I have a pipeline that detects number of spots per nucleus. The spot is a telomere protein (TRF2) and I expect the number of spots to be similar in all cells (~138 for this hypertriploid cell line, U2OS). There could be some variability due to genomic instability in these cancer cells or due to multiple telomeres overlapping.

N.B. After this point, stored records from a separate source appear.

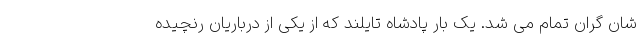
شان گران تمام می شد. یک بار پادشاه تایلند که از یکی از درباریان رنچیده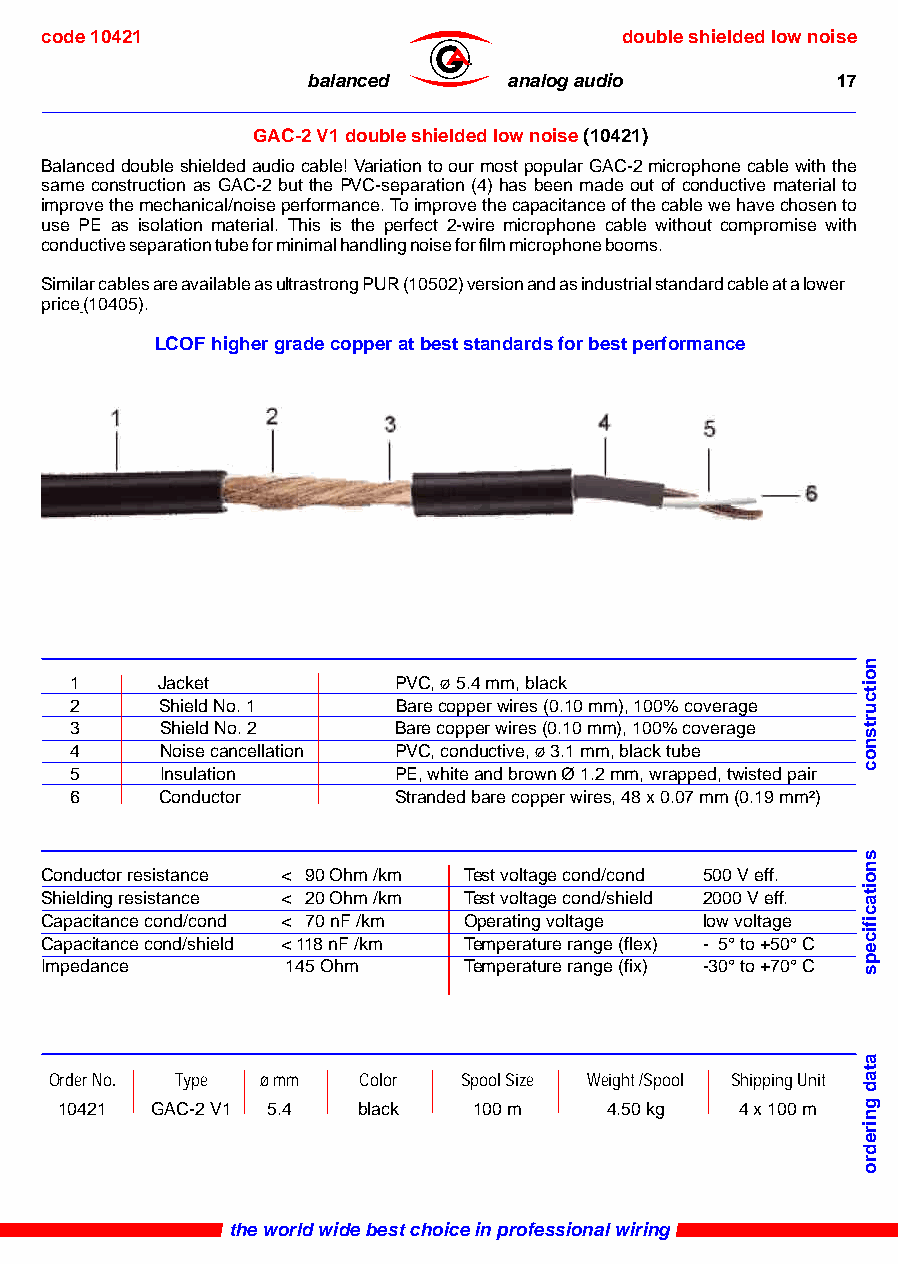
code 10421                            double shielded low noise
 ®
 balanced      analog audio         17
 GAC-2 V1 double shielded low noise (10421)
 Balanced double shielded audio cable! Variation to our most popular GAC-2 microphone cable with the
 same construction as GAC-2 but the PVC-separation (4) has been made out of conductive material to
 improve the mechanical/noise performance. To improve the capacitance of the cable we have chosen to
 use PE as isolation material. This is the perfect 2-wire microphone cable without compromise with
 conductive separation tube for minimal handling noise for film microphone booms.
 Similar cables are available as ultrastrong PUR (10502) version and as industrial standard cable at a lower
 price (10405).
 LCOF higher grade copper at best standards for best performance
 1    Jacket          PVC, ø 5.4 mm, black
 2     Shield No. 1   Bare copper wires (0.10 mm), 100% coverage
 3     Shield No. 2   Bare copper wires (0.10 mm), 100% coverage
 4     Noise cancellation PVC, conductive, ø 3.1 mm, black tube
 5     Insulation     PE, white and brown Ø 1.2 mm, wrapped, twisted pair
 6     Conductor      Stranded bare copper wires, 48 x 0.07 mm (0.19 mm²)
 Conductor resistance < 90 Ohm /km Test voltage cond/cond 500 V eff.
 Shielding resistance < 20 Ohm /km Test voltage cond/shield 2000 V eff.
 Capacitance cond/cond < 70 nF /km Operating voltage low voltage
 Capacitance cond/shield < 118 nF /km Temperature range (flex) - 5° to +50° C
 Impedance       145 Ohm     Temperature range (fix) -30° to +70° C
 Order No. Type ø mm  Color Spool Size Weight /Spool Shipping Unit
 10421 GAC-2 V1 5.4  black  100 m    4.50 kg  4 x 100 m
 the world wide best choice in professional wiring
 noitcurtsnoc
 snoitacificeps
 atad
 gniredro

However, the number of spots per nucleus has a really wide spread in each sample. The best I can do is to set the threshold quite stringent (average of ~45 spots per nucleus) in order to avoid many cells with false positive spots (>150). My pipeline already filters out large cells so I assume G2/S cells are not counted. 2019_1210_Lois_SLX4_Tin2_TRF2_Colocalization_v2.cpproj (1.9 MB)
Any ideas on the following:
- how to get a more narrow spread of TRF2 per nucleus? I am using global thresholding, would adaptive help?
- can I compare the number of spots per nucleus across samples with automatic thresholding? or do I need to do manual?
- I am doing object based colocalization (number of red spots colocalized with green spots with a Pearson’s coefficient above a threshold, see pipeline). Can I do intensity based colocalization after setting a threshold? It seems like it is working but I worry that if the threshold is binary the coefficient is not legitimate.
Images are here.
I acquired them on a StellarVision SV20 microscope. This is synthetic aperture optics so there is some artifact.